Stored items:
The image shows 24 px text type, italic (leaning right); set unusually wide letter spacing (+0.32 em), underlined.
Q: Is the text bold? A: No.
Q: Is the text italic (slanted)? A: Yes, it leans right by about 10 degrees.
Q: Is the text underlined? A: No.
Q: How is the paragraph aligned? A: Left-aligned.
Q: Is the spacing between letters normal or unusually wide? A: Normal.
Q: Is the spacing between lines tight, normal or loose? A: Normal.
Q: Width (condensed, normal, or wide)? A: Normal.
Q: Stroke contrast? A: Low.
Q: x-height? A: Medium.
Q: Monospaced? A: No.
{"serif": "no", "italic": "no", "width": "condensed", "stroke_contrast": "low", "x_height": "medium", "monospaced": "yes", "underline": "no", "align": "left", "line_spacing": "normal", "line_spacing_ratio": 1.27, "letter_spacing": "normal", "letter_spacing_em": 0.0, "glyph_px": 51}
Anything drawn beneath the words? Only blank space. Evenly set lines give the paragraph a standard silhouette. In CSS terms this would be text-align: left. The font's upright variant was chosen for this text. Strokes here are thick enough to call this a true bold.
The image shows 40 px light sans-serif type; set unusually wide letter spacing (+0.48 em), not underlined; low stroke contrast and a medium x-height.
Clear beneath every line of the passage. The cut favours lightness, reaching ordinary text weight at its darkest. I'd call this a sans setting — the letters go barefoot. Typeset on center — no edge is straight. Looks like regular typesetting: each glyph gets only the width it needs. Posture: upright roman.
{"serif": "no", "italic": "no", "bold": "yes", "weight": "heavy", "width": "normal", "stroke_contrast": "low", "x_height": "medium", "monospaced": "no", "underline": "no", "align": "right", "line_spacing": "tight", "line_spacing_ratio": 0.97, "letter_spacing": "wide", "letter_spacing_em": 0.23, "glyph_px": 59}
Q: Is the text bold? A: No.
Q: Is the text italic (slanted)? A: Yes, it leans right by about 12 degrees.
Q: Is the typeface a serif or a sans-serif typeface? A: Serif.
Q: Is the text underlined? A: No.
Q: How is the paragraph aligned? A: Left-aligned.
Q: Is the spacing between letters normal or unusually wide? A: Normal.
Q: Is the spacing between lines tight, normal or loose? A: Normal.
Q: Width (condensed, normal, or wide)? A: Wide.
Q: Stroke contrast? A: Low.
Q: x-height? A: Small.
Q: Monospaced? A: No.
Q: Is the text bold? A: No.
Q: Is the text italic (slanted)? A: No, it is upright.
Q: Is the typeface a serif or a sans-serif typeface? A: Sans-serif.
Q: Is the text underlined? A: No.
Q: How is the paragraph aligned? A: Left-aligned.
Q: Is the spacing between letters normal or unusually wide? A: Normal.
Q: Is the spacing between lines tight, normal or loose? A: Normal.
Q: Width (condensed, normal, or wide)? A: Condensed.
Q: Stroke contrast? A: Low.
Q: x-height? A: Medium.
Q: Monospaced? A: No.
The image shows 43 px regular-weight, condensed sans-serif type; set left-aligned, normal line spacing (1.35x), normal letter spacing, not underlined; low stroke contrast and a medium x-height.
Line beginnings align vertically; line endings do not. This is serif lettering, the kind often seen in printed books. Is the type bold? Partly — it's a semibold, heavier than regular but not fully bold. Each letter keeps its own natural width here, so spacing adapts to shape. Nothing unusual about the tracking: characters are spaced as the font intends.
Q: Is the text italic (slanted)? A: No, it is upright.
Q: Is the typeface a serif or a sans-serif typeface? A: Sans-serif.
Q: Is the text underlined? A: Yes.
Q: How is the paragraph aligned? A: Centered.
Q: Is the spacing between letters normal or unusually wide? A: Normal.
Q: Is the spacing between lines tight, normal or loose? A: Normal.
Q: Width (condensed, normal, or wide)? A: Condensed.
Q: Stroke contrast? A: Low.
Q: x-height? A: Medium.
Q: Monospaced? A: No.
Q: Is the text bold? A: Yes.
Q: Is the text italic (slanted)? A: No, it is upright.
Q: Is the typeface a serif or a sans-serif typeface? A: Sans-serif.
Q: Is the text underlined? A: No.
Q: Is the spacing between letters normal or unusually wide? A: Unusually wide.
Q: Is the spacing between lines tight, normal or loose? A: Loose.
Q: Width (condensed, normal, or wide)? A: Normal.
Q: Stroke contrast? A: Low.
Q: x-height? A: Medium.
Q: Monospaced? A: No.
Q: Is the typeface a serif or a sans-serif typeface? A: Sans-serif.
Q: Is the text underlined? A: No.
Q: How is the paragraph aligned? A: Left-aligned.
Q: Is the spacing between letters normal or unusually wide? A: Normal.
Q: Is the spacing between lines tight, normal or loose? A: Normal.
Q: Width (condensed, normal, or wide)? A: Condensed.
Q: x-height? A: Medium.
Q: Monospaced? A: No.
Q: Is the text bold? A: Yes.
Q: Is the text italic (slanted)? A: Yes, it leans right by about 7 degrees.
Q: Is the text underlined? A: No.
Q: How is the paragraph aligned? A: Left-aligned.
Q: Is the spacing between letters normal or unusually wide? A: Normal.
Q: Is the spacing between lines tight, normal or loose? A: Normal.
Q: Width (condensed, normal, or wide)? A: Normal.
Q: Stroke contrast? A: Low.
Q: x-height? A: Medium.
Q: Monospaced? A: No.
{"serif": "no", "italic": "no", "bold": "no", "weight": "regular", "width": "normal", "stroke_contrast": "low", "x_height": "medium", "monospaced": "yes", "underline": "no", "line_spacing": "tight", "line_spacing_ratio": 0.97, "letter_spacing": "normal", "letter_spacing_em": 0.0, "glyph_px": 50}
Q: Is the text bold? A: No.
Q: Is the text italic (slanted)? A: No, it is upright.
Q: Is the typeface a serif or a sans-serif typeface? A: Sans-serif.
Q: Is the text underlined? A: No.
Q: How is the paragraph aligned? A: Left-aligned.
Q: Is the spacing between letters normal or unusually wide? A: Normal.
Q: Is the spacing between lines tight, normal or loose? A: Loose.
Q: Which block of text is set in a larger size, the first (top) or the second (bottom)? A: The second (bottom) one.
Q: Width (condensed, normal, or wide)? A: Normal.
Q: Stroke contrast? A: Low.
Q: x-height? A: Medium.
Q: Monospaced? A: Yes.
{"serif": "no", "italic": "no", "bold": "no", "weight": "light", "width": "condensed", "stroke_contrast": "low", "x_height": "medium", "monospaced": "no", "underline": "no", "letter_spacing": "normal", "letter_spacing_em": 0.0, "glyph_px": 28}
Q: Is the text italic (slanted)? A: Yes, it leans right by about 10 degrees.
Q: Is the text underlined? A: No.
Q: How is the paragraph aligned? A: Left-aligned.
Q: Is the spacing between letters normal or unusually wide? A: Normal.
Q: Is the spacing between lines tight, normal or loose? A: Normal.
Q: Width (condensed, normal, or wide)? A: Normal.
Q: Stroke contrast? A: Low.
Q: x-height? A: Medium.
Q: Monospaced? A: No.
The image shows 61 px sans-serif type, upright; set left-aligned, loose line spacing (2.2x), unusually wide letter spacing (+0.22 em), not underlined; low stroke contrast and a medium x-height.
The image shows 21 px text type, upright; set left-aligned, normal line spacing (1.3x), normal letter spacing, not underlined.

[WHAT YOU ARE ASKED TO DO]
Please make an exact copy of every record, leaving nothing out.

[THE COMPLETED TASK]
The image shows 24 px text type, italic (leaning right); set unusually wide letter spacing (+0.32 em), underlined.
Q: Is the text bold? A: No.
Q: Is the text italic (slanted)? A: Yes, it leans right by about 10 degrees.
Q: Is the text underlined? A: No.
Q: How is the paragraph aligned? A: Left-aligned.
Q: Is the spacing between letters normal or unusually wide? A: Normal.
Q: Is the spacing between lines tight, normal or loose? A: Normal.
Q: Width (condensed, normal, or wide)? A: Normal.
Q: Stroke contrast? A: Low.
Q: x-height? A: Medium.
Q: Monospaced? A: No.
{"serif": "no", "italic": "no", "width": "condensed", "stroke_contrast": "low", "x_height": "medium", "monospaced": "yes", "underline": "no", "align": "left", "line_spacing": "normal", "line_spacing_ratio": 1.27, "letter_spacing": "normal", "letter_spacing_em": 0.0, "glyph_px": 51}
Anything drawn beneath the words? Only blank space. Evenly set lines give the paragraph a standard silhouette. In CSS terms this would be text-align: left. The font's upright variant was chosen for this text. Strokes here are thick enough to call this a true bold.
The image shows 40 px light sans-serif type; set unusually wide letter spacing (+0.48 em), not underlined; low stroke contrast and a medium x-height.
Clear beneath every line of the passage. The cut favours lightness, reaching ordinary text weight at its darkest. I'd call this a sans setting — the letters go barefoot. Typeset on center — no edge is straight. Looks like regular typesetting: each glyph gets only the width it needs. Posture: upright roman.
{"serif": "no", "italic": "no", "bold": "yes", "weight": "heavy", "width": "normal", "stroke_contrast": "low", "x_height": "medium", "monospaced": "no", "underline": "no", "align": "right", "line_spacing": "tight", "line_spacing_ratio": 0.97, "letter_spacing": "wide", "letter_spacing_em": 0.23, "glyph_px": 59}
Q: Is the text bold? A: No.
Q: Is the text italic (slanted)? A: Yes, it leans right by about 12 degrees.
Q: Is the typeface a serif or a sans-serif typeface? A: Serif.
Q: Is the text underlined? A: No.
Q: How is the paragraph aligned? A: Left-aligned.
Q: Is the spacing between letters normal or unusually wide? A: Normal.
Q: Is the spacing between lines tight, normal or loose? A: Normal.
Q: Width (condensed, normal, or wide)? A: Wide.
Q: Stroke contrast? A: Low.
Q: x-height? A: Small.
Q: Monospaced? A: No.
Q: Is the text bold? A: No.
Q: Is the text italic (slanted)? A: No, it is upright.
Q: Is the typeface a serif or a sans-serif typeface? A: Sans-serif.
Q: Is the text underlined? A: No.
Q: How is the paragraph aligned? A: Left-aligned.
Q: Is the spacing between letters normal or unusually wide? A: Normal.
Q: Is the spacing between lines tight, normal or loose? A: Normal.
Q: Width (condensed, normal, or wide)? A: Condensed.
Q: Stroke contrast? A: Low.
Q: x-height? A: Medium.
Q: Monospaced? A: No.
The image shows 43 px regular-weight, condensed sans-serif type; set left-aligned, normal line spacing (1.35x), normal letter spacing, not underlined; low stroke contrast and a medium x-height.
Line beginnings align vertically; line endings do not. This is serif lettering, the kind often seen in printed books. Is the type bold? Partly — it's a semibold, heavier than regular but not fully bold. Each letter keeps its own natural width here, so spacing adapts to shape. Nothing unusual about the tracking: characters are spaced as the font intends.
Q: Is the text italic (slanted)? A: No, it is upright.
Q: Is the typeface a serif or a sans-serif typeface? A: Sans-serif.
Q: Is the text underlined? A: Yes.
Q: How is the paragraph aligned? A: Centered.
Q: Is the spacing between letters normal or unusually wide? A: Normal.
Q: Is the spacing between lines tight, normal or loose? A: Normal.
Q: Width (condensed, normal, or wide)? A: Condensed.
Q: Stroke contrast? A: Low.
Q: x-height? A: Medium.
Q: Monospaced? A: No.
Q: Is the text bold? A: Yes.
Q: Is the text italic (slanted)? A: No, it is upright.
Q: Is the typeface a serif or a sans-serif typeface? A: Sans-serif.
Q: Is the text underlined? A: No.
Q: Is the spacing between letters normal or unusually wide? A: Unusually wide.
Q: Is the spacing between lines tight, normal or loose? A: Loose.
Q: Width (condensed, normal, or wide)? A: Normal.
Q: Stroke contrast? A: Low.
Q: x-height? A: Medium.
Q: Monospaced? A: No.
Q: Is the typeface a serif or a sans-serif typeface? A: Sans-serif.
Q: Is the text underlined? A: No.
Q: How is the paragraph aligned? A: Left-aligned.
Q: Is the spacing between letters normal or unusually wide? A: Normal.
Q: Is the spacing between lines tight, normal or loose? A: Normal.
Q: Width (condensed, normal, or wide)? A: Condensed.
Q: x-height? A: Medium.
Q: Monospaced? A: No.
Q: Is the text bold? A: Yes.
Q: Is the text italic (slanted)? A: Yes, it leans right by about 7 degrees.
Q: Is the text underlined? A: No.
Q: How is the paragraph aligned? A: Left-aligned.
Q: Is the spacing between letters normal or unusually wide? A: Normal.
Q: Is the spacing between lines tight, normal or loose? A: Normal.
Q: Width (condensed, normal, or wide)? A: Normal.
Q: Stroke contrast? A: Low.
Q: x-height? A: Medium.
Q: Monospaced? A: No.
{"serif": "no", "italic": "no", "bold": "no", "weight": "regular", "width": "normal", "stroke_contrast": "low", "x_height": "medium", "monospaced": "yes", "underline": "no", "line_spacing": "tight", "line_spacing_ratio": 0.97, "letter_spacing": "normal", "letter_spacing_em": 0.0, "glyph_px": 50}
Q: Is the text bold? A: No.
Q: Is the text italic (slanted)? A: No, it is upright.
Q: Is the typeface a serif or a sans-serif typeface? A: Sans-serif.
Q: Is the text underlined? A: No.
Q: How is the paragraph aligned? A: Left-aligned.
Q: Is the spacing between letters normal or unusually wide? A: Normal.
Q: Is the spacing between lines tight, normal or loose? A: Loose.
Q: Which block of text is set in a larger size, the first (top) or the second (bottom)? A: The second (bottom) one.
Q: Width (condensed, normal, or wide)? A: Normal.
Q: Stroke contrast? A: Low.
Q: x-height? A: Medium.
Q: Monospaced? A: Yes.
{"serif": "no", "italic": "no", "bold": "no", "weight": "light", "width": "condensed", "stroke_contrast": "low", "x_height": "medium", "monospaced": "no", "underline": "no", "letter_spacing": "normal", "letter_spacing_em": 0.0, "glyph_px": 28}
Q: Is the text italic (slanted)? A: Yes, it leans right by about 10 degrees.
Q: Is the text underlined? A: No.
Q: How is the paragraph aligned? A: Left-aligned.
Q: Is the spacing between letters normal or unusually wide? A: Normal.
Q: Is the spacing between lines tight, normal or loose? A: Normal.
Q: Width (condensed, normal, or wide)? A: Normal.
Q: Stroke contrast? A: Low.
Q: x-height? A: Medium.
Q: Monospaced? A: No.
The image shows 61 px sans-serif type, upright; set left-aligned, loose line spacing (2.2x), unusually wide letter spacing (+0.22 em), not underlined; low stroke contrast and a medium x-height.
The image shows 21 px text type, upright; set left-aligned, normal line spacing (1.3x), normal letter spacing, not underlined.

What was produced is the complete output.